- [EXERCISE AIM]:
What is needed is an exact retyping of each entry, pictures excluded.

..........

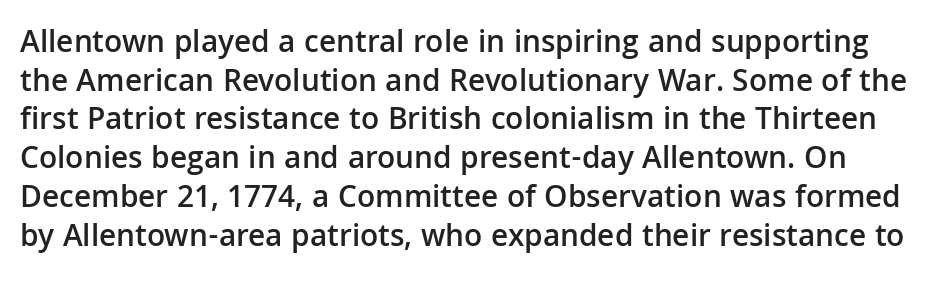
{"serif": "no", "italic": "no", "bold": "semi", "weight": "semibold", "width": "normal", "stroke_contrast": "low", "x_height": "medium", "monospaced": "no", "underline": "no", "line_spacing_ratio": 1.21, "letter_spacing": "normal", "letter_spacing_em": 0.0, "glyph_px": 32}
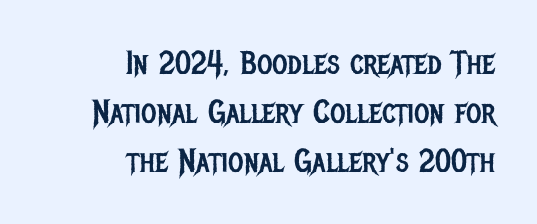
Note: no serifs on the glyphs. The tracking reads as untouched default to a designer's eye. A typesetter would mark this as roman, not italic. Visually the block forms a straight wall on the right and a jagged coastline on the left.
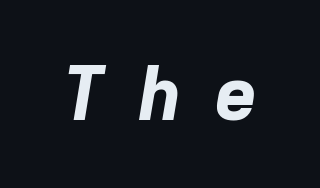
The image shows 74 px bold type, italic (leaning right); set unusually wide letter spacing (+0.46 em), not underlined; low stroke contrast and a medium x-height.
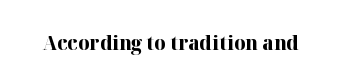
Q: Is the text bold? A: Yes.
Q: Is the text italic (slanted)? A: No, it is upright.
Q: Is the text underlined? A: No.
Q: Is the spacing between letters normal or unusually wide? A: Normal.
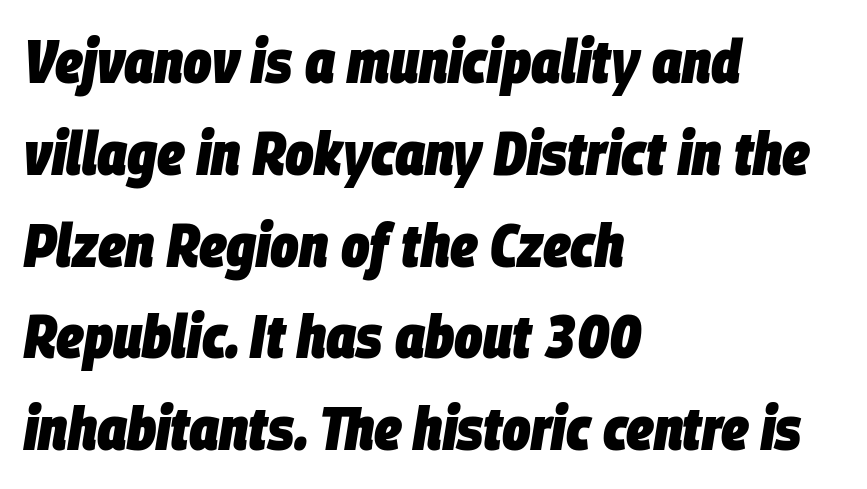
{"italic": "yes", "lean": "right", "slant_degrees": 9, "bold": "yes", "weight": "heavy", "width": "condensed", "stroke_contrast": "low", "x_height": "large", "monospaced": "no", "underline": "no", "align": "left", "line_spacing": "normal", "line_spacing_ratio": 1.53, "letter_spacing": "normal", "letter_spacing_em": 0.0, "glyph_px": 60}
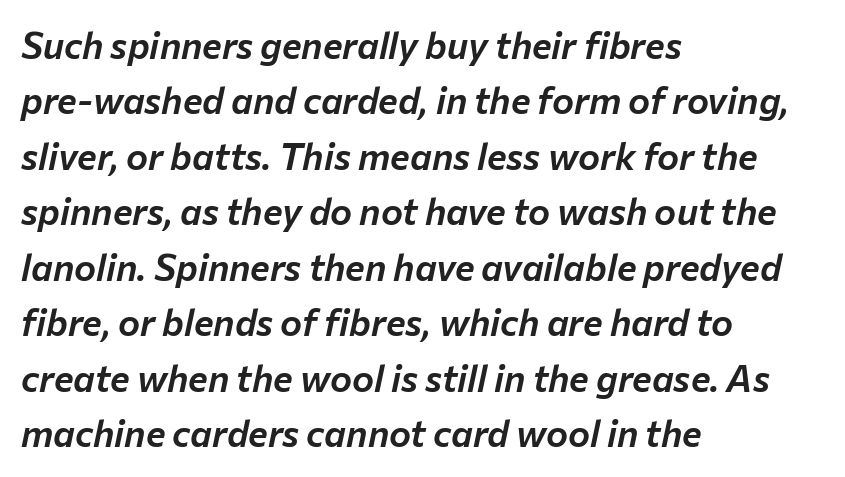
Q: Is the text italic (slanted)? A: Yes, it leans right by about 12 degrees.
Q: Is the text underlined? A: No.
Q: How is the paragraph aligned? A: Left-aligned.
Q: Is the spacing between letters normal or unusually wide? A: Normal.
Q: Is the spacing between lines tight, normal or loose? A: Normal.
Q: Width (condensed, normal, or wide)? A: Normal.
Q: Stroke contrast? A: Low.
Q: x-height? A: Medium.
Q: Monospaced? A: No.
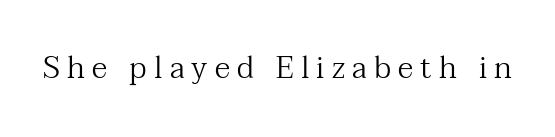
The image shows 30 px regular-weight serif type, upright; set unusually wide letter spacing (+0.24 em), not underlined; medium stroke contrast and a medium x-height.
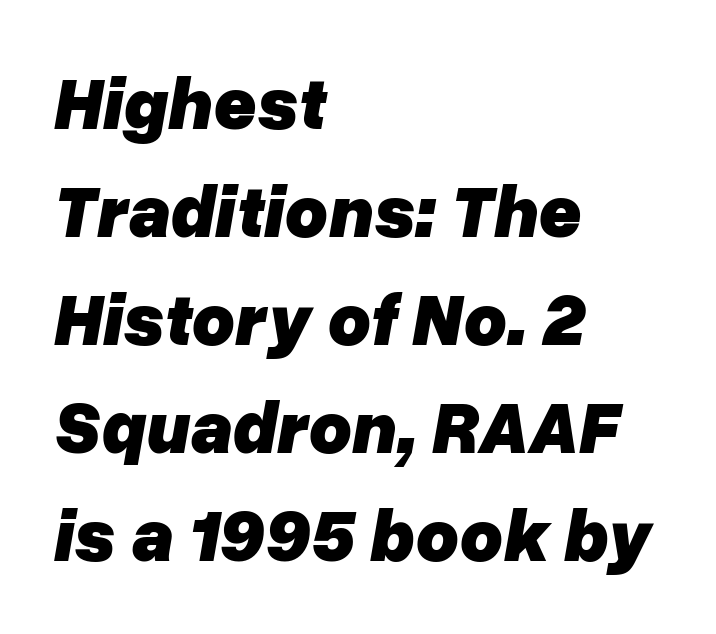
{"italic": "yes", "lean": "right", "slant_degrees": 10, "bold": "yes", "weight": "heavy", "width": "normal", "stroke_contrast": "low", "x_height": "medium", "monospaced": "no", "underline": "no", "align": "left", "line_spacing": "normal", "line_spacing_ratio": 1.46, "letter_spacing": "normal", "letter_spacing_em": 0.0, "glyph_px": 74}
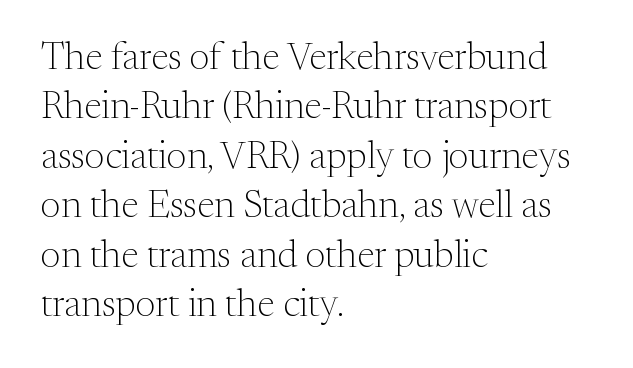
The image shows 38 px light serif type, upright; set left-aligned, normal line spacing (1.3x), normal letter spacing, not underlined; medium stroke contrast and a medium x-height.
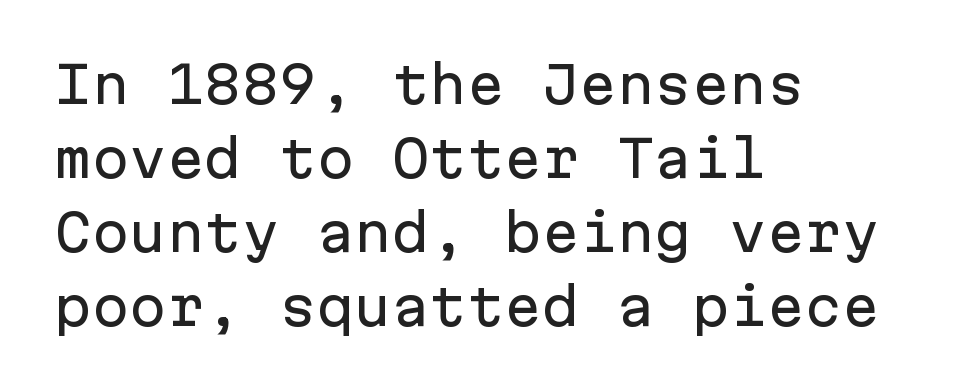
The image shows 50 px sans-serif type, upright, monospaced; set left-aligned, normal line spacing (1.48x), normal letter spacing, not underlined; low stroke contrast and a medium x-height.
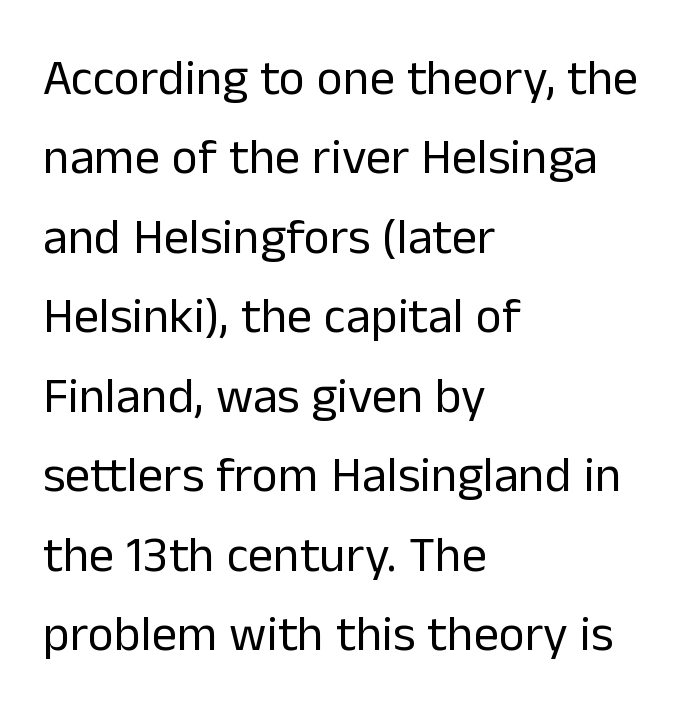
Q: Is the text bold? A: No.
Q: Is the text italic (slanted)? A: No, it is upright.
Q: Is the typeface a serif or a sans-serif typeface? A: Sans-serif.
Q: Is the text underlined? A: No.
Q: How is the paragraph aligned? A: Left-aligned.
Q: Is the spacing between letters normal or unusually wide? A: Normal.
Q: Is the spacing between lines tight, normal or loose? A: Normal.
Q: Width (condensed, normal, or wide)? A: Normal.
Q: Stroke contrast? A: Low.
Q: x-height? A: Medium.
Q: Monospaced? A: No.
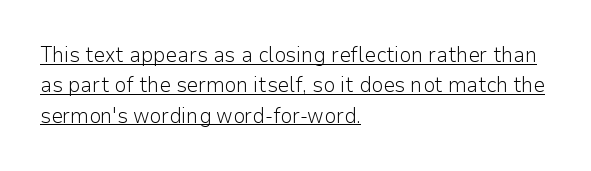
Q: Is the text bold? A: No.
Q: Is the text italic (slanted)? A: No, it is upright.
Q: Is the text underlined? A: Yes.
Q: How is the paragraph aligned? A: Left-aligned.
Q: Is the spacing between letters normal or unusually wide? A: Normal.
Q: Is the spacing between lines tight, normal or loose? A: Normal.
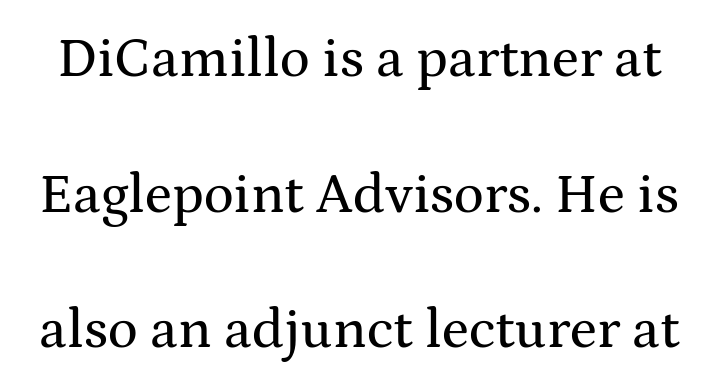
{"serif": "yes", "italic": "no", "width": "wide", "stroke_contrast": "medium", "x_height": "medium", "monospaced": "no", "underline": "no", "line_spacing": "loose", "line_spacing_ratio": 2.42, "letter_spacing": "normal", "letter_spacing_em": 0.0, "glyph_px": 56}
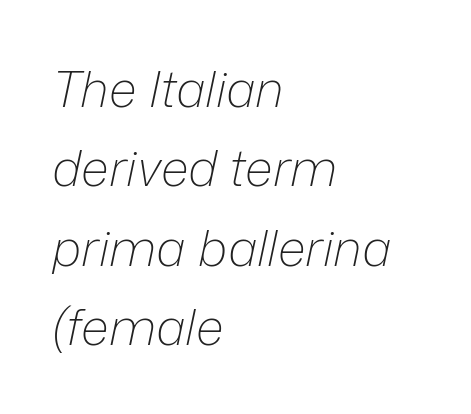
The image shows 50 px light type, italic (leaning right); set left-aligned, normal line spacing (1.59x), normal letter spacing, not underlined; low stroke contrast and a medium x-height.
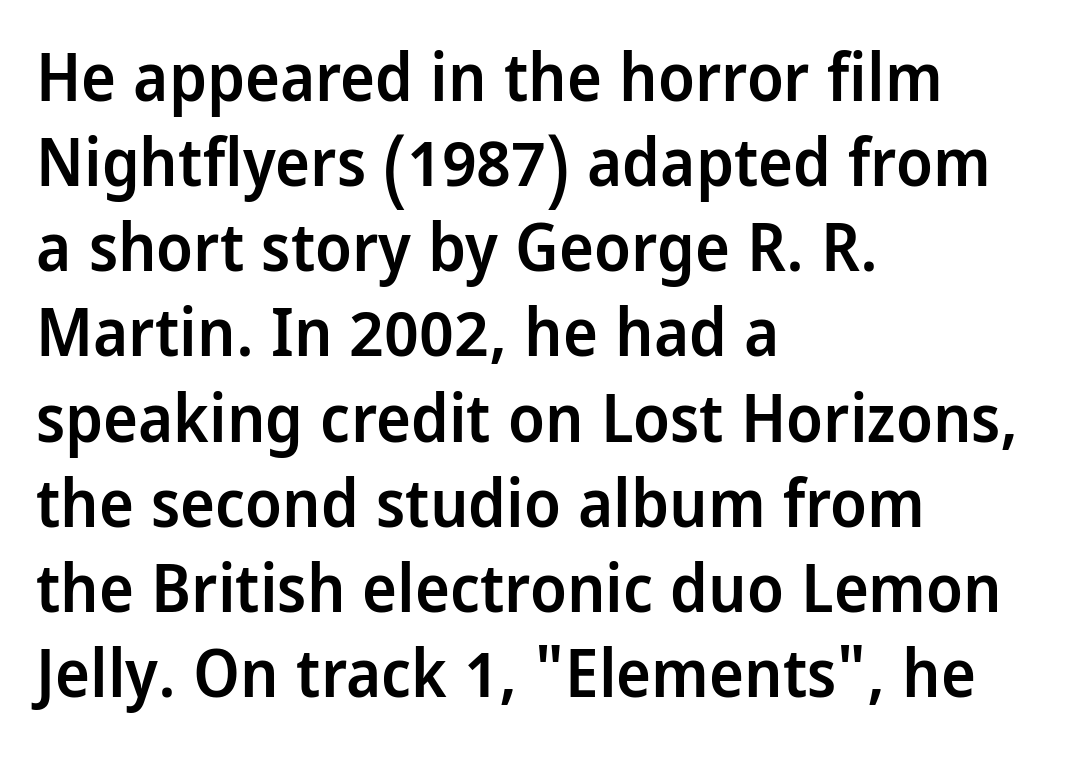
Notice how descenders clear the ascenders below comfortably — that's standard leading. Nobody drew a line under any word here. The passage is arranged the way most books set body copy — flush left. Compared with an ordinary text face, these strokes are moderately heavier — a semibold. Upright lettering throughout. Proportional: the letters do not fall into vertical columns.
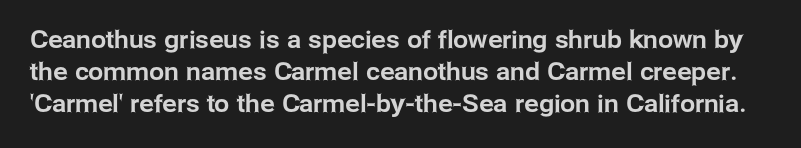
{"italic": "no", "underline": "no", "line_spacing": "normal", "line_spacing_ratio": 1.33, "letter_spacing": "normal", "letter_spacing_em": 0.0, "glyph_px": 24}
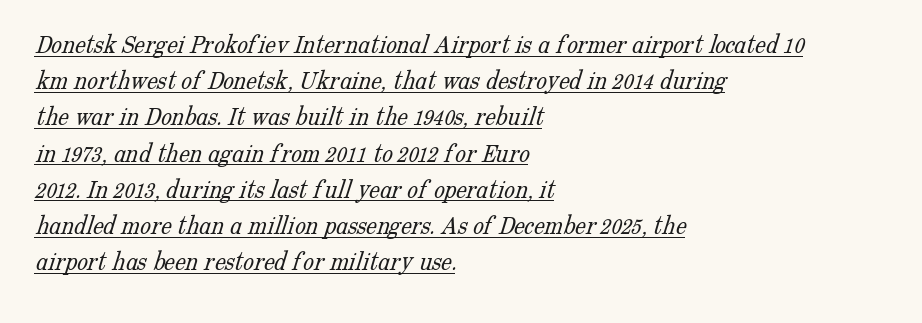
Q: Is the text bold? A: No.
Q: Is the text underlined? A: Yes.
Q: How is the paragraph aligned? A: Left-aligned.
Q: Is the spacing between letters normal or unusually wide? A: Normal.
Q: Is the spacing between lines tight, normal or loose? A: Normal.
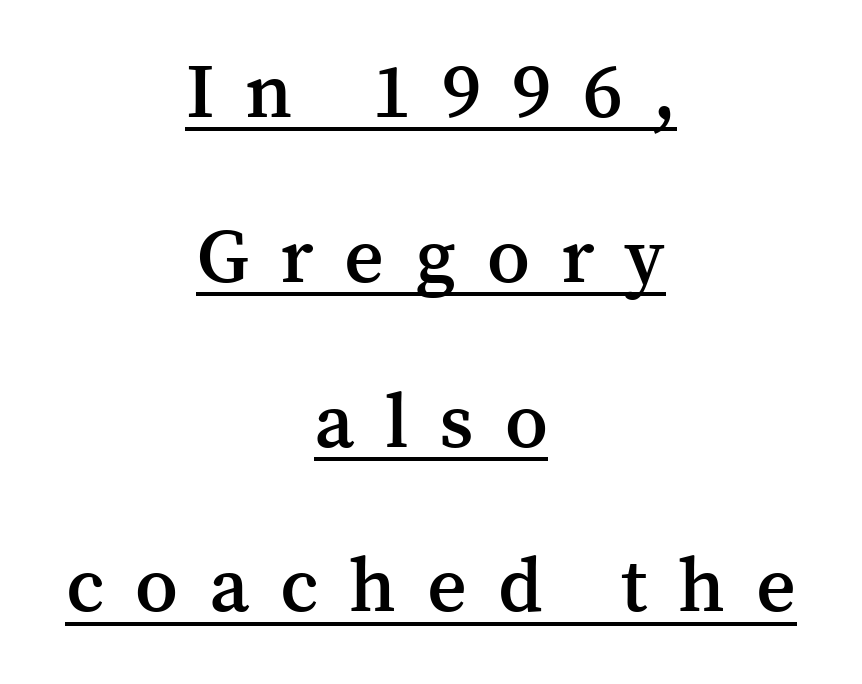
{"serif": "yes", "italic": "no", "bold": "semi", "weight": "semibold", "width": "normal", "stroke_contrast": "medium", "x_height": "medium", "monospaced": "no", "underline": "yes", "align": "center", "line_spacing": "loose", "line_spacing_ratio": 2.14, "letter_spacing": "wide", "letter_spacing_em": 0.4, "glyph_px": 77}
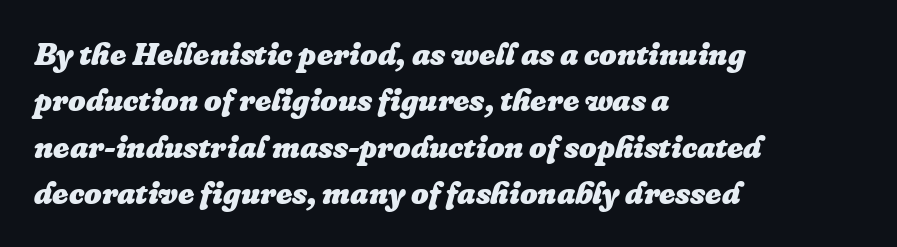
The paragraph has a hard left edge and a soft right edge. The strip under each line holds only bare page. These lines were composed using italics. In terms of weight, the rendering is a true, heavy bold. What stands out about the letter spacing? Nothing — it is the standard amount. Vertically, the passage feels balanced, rows spaced as you'd expect.
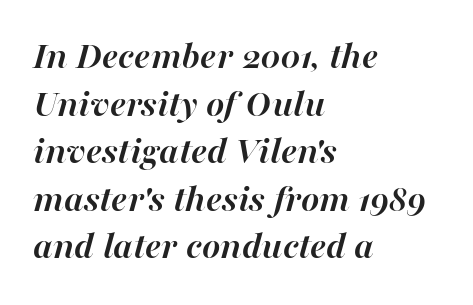
The image shows 39 px semibold type, italic (leaning right); set left-aligned, line spacing 1.22x, normal letter spacing, not underlined; high stroke contrast and a medium x-height.
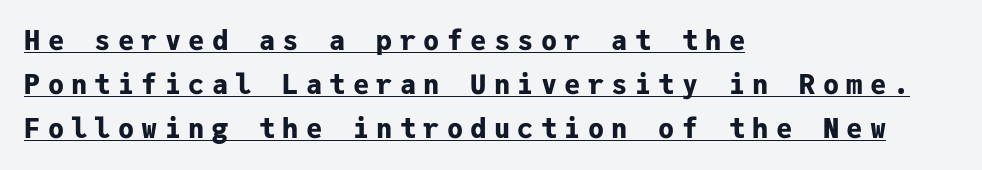
Weight: bold. Is the letter spacing exaggerated? Yes — the characters are pushed far apart. Successive baselines arrive at the customary interval. One-word summary of the alignment: left. Characters remain perfectly vertical along every line.

..........

- [RESPONSE TO THIS TASK]:
{"serif": "no", "italic": "no", "bold": "semi", "weight": "semibold", "width": "normal", "stroke_contrast": "low", "x_height": "medium", "monospaced": "no", "underline": "no", "line_spacing_ratio": 1.21, "letter_spacing": "normal", "letter_spacing_em": 0.0, "glyph_px": 32}
Note: no serifs on the glyphs. The tracking reads as untouched default to a designer's eye. A typesetter would mark this as roman, not italic. Visually the block forms a straight wall on the right and a jagged coastline on the left.
The image shows 74 px bold type, italic (leaning right); set unusually wide letter spacing (+0.46 em), not underlined; low stroke contrast and a medium x-height.
Q: Is the text bold? A: Yes.
Q: Is the text italic (slanted)? A: No, it is upright.
Q: Is the text underlined? A: No.
Q: Is the spacing between letters normal or unusually wide? A: Normal.
{"italic": "yes", "lean": "right", "slant_degrees": 9, "bold": "yes", "weight": "heavy", "width": "condensed", "stroke_contrast": "low", "x_height": "large", "monospaced": "no", "underline": "no", "align": "left", "line_spacing": "normal", "line_spacing_ratio": 1.53, "letter_spacing": "normal", "letter_spacing_em": 0.0, "glyph_px": 60}
Q: Is the text italic (slanted)? A: Yes, it leans right by about 12 degrees.
Q: Is the text underlined? A: No.
Q: How is the paragraph aligned? A: Left-aligned.
Q: Is the spacing between letters normal or unusually wide? A: Normal.
Q: Is the spacing between lines tight, normal or loose? A: Normal.
Q: Width (condensed, normal, or wide)? A: Normal.
Q: Stroke contrast? A: Low.
Q: x-height? A: Medium.
Q: Monospaced? A: No.
The image shows 30 px regular-weight serif type, upright; set unusually wide letter spacing (+0.24 em), not underlined; medium stroke contrast and a medium x-height.
{"italic": "yes", "lean": "right", "slant_degrees": 10, "bold": "yes", "weight": "heavy", "width": "normal", "stroke_contrast": "low", "x_height": "medium", "monospaced": "no", "underline": "no", "align": "left", "line_spacing": "normal", "line_spacing_ratio": 1.46, "letter_spacing": "normal", "letter_spacing_em": 0.0, "glyph_px": 74}
The image shows 38 px light serif type, upright; set left-aligned, normal line spacing (1.3x), normal letter spacing, not underlined; medium stroke contrast and a medium x-height.
The image shows 50 px sans-serif type, upright, monospaced; set left-aligned, normal line spacing (1.48x), normal letter spacing, not underlined; low stroke contrast and a medium x-height.
Q: Is the text bold? A: No.
Q: Is the text italic (slanted)? A: No, it is upright.
Q: Is the typeface a serif or a sans-serif typeface? A: Sans-serif.
Q: Is the text underlined? A: No.
Q: How is the paragraph aligned? A: Left-aligned.
Q: Is the spacing between letters normal or unusually wide? A: Normal.
Q: Is the spacing between lines tight, normal or loose? A: Normal.
Q: Width (condensed, normal, or wide)? A: Normal.
Q: Stroke contrast? A: Low.
Q: x-height? A: Medium.
Q: Monospaced? A: No.
Q: Is the text bold? A: No.
Q: Is the text italic (slanted)? A: No, it is upright.
Q: Is the text underlined? A: Yes.
Q: How is the paragraph aligned? A: Left-aligned.
Q: Is the spacing between letters normal or unusually wide? A: Normal.
Q: Is the spacing between lines tight, normal or loose? A: Normal.
{"serif": "yes", "italic": "no", "width": "wide", "stroke_contrast": "medium", "x_height": "medium", "monospaced": "no", "underline": "no", "line_spacing": "loose", "line_spacing_ratio": 2.42, "letter_spacing": "normal", "letter_spacing_em": 0.0, "glyph_px": 56}
The image shows 50 px light type, italic (leaning right); set left-aligned, normal line spacing (1.59x), normal letter spacing, not underlined; low stroke contrast and a medium x-height.
Notice how descenders clear the ascenders below comfortably — that's standard leading. Nobody drew a line under any word here. The passage is arranged the way most books set body copy — flush left. Compared with an ordinary text face, these strokes are moderately heavier — a semibold. Upright lettering throughout. Proportional: the letters do not fall into vertical columns.
{"italic": "no", "underline": "no", "line_spacing": "normal", "line_spacing_ratio": 1.33, "letter_spacing": "normal", "letter_spacing_em": 0.0, "glyph_px": 24}
Q: Is the text bold? A: No.
Q: Is the text underlined? A: Yes.
Q: How is the paragraph aligned? A: Left-aligned.
Q: Is the spacing between letters normal or unusually wide? A: Normal.
Q: Is the spacing between lines tight, normal or loose? A: Normal.
{"serif": "yes", "italic": "no", "bold": "semi", "weight": "semibold", "width": "normal", "stroke_contrast": "medium", "x_height": "medium", "monospaced": "no", "underline": "yes", "align": "center", "line_spacing": "loose", "line_spacing_ratio": 2.14, "letter_spacing": "wide", "letter_spacing_em": 0.4, "glyph_px": 77}
The paragraph has a hard left edge and a soft right edge. The strip under each line holds only bare page. These lines were composed using italics. In terms of weight, the rendering is a true, heavy bold. What stands out about the letter spacing? Nothing — it is the standard amount. Vertically, the passage feels balanced, rows spaced as you'd expect.
The image shows 39 px semibold type, italic (leaning right); set left-aligned, line spacing 1.22x, normal letter spacing, not underlined; high stroke contrast and a medium x-height.
Weight: bold. Is the letter spacing exaggerated? Yes — the characters are pushed far apart. Successive baselines arrive at the customary interval. One-word summary of the alignment: left. Characters remain perfectly vertical along every line.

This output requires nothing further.